Really Good Books About Real Murder

If you missed our compilation of really good books about fake murder, you can catch up here. Before everyone asks “what about The Devil in the White City?” I’m going to put it out there: for some reason, it was not my favorite. I apologize! I think I’ve read the first thirty pages eight times. Everyone else loves it, so you should read it.

Underground: The Tokyo Gas Attack and the Japanese Psyche, Haruki Murakami — This is one of those odd books you find yourself constantly pushing on others, then stumbling when you’re asked about the subject matter. “Oh, it’s a bunch of commentary-free interviews with the victims and perpetrators of the 1995 sarin attacks by Aum Shinrikyo. And they all sound very similar, but it’s weirdly hypnotic and troubling and brilliant. You’ll … love it?”

Fatal Vision, Joe McGinniss/The Journalist and the Murderer, Janet Malcolm — Long story short: man murders family (he totally did!), Joe McGinniss is hired to write a book about how he didn’t do it, Joe McGinniss spends time with the murderer and his defense attorneys, becomes convinced of his guilt, writes book accordingly (that would be Fatal Vision), is sued by the murderer in question, settles out of court. Janet Malcolm turns entire saga into a brilliant meditation on the inherent dishonesty of journalism. Read ’em both, in that order.

Columbine, Dave Cullen — It’s a masterpiece. It’s also a tribute to what can be achieved if a writer can step aside from the weird narratives we construct around any major societal event and just learn from the verifiable information at hand. I cannot say enough positive things about this book.

Helter Skelter, Vincent Bugliosi — Oh, this one. Personally, I think he’s too hard on some of Manson’s minions, but it’s still the definitive account, and absolutely gripping.

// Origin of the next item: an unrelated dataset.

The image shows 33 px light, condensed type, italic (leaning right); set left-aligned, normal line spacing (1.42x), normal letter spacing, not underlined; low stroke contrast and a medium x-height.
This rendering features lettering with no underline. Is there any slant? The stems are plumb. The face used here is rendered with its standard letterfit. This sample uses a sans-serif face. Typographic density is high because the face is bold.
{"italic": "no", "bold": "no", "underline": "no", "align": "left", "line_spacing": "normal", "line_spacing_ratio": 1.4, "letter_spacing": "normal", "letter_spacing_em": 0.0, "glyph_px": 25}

A Death in White Bear Lake, Barry Siegel — The loathsome woman who committed the titular crime is, by all accounts, alive and well and living in Minnesota. If you read it, you will have to talk yourself out of making a vigilante road trip. Might be best to avoid the book entirely, really. An incredible example of a successful cold case.

The Good Old Days: The Holocaust as Seen By Its Perpetrators and Bystanders, ed. Klee, Dressen, and Riess — Completely horrifying, and brilliantly compiled. Recommended for anyone who doesn’t think they have the stomach for all nine and a half hours of Lanzmann’s Shoah. You should definitely watch Shoah, however.

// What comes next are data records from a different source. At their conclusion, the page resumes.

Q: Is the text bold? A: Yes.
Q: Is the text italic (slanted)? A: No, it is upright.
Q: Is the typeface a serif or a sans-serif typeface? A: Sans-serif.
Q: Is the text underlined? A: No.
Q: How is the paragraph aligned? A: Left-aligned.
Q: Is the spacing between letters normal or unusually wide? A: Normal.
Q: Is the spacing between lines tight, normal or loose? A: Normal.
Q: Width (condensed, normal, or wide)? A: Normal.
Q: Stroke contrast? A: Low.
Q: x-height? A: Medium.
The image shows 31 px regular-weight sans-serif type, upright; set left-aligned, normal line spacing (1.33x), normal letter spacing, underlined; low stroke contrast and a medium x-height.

The Stranger Beside Me or Green River, Running Red, Ann Rule — Yes, Ann Rule can be a little tabloid-y. But, for heaven’s sake, she worked at a crisis hotline with Ted Bundy. Obviously you want to read this book. As for the latter, I must confess to a certain…yeeesh…fascination? with Gary Leon Ridgway, the Green River Killer. When he finally got picked up from an old DNA hit, no fewer than four people emailed me to say “hey, did you see they caught your guy?” He’s not my guy, per se, but I remain obsessed with the idea that he drastically scaled back his murderous ways, for a very long time, because he married this nice middle-aged lady and just wanted to hang out with her at home and watch TV and own a couple of poodles. It’s the romantic in me, I guess. Oh, and Neko Case’s “Deep Red Bells” is based on Ridgway. Let’s move on.

Bloodlands: Europe Between Hitler and Stalin, Timothy Snyder — Extraordinary book, although, again, not exactly light reading. And, of course, perfect ammunition for the still-unsuccessful campaign to take away Walter Duranty’s Pulitzer.

The Maul and the Pear Tree, P.D. James and Thomas Critchley — Would that I could get through a reading list without hawking a book by P.D. James. Alas, she is my spirit animal. A personal favorite in the annals of (extremely old) true crime. What a weird, delightful little book.

Cries Unheard, Gitta Sereny — You may or may not be familiar with the case of Mary Bell, who, at the age of 10, killed two small boys. Sereny has a tough job in making Mary Bell into a sympathetic figure, but I believe she does manage it. Sereny has a passionate interest in the question of evil and personal redemption, which she explored in her better-known book on Albert Speer.

Famous Trials, John Mortimer — This completely random little collection of English murder trivia is utterly engrossing. Keep in mind that it’s just cobbled together from the rather more epic Notable British Trials series, which is the spiritual father of…

TruTV’s Crime Library — I have wasted … years … of my life in here. I regret nothing. Tread lightly, lest you descend into gradual madness and paranoia.

(Shot in the Heart and Wicked Beyond Belief appeared on previous reading lists, and In Cold Blood has obviously already been read by anyone who really cares about murder.)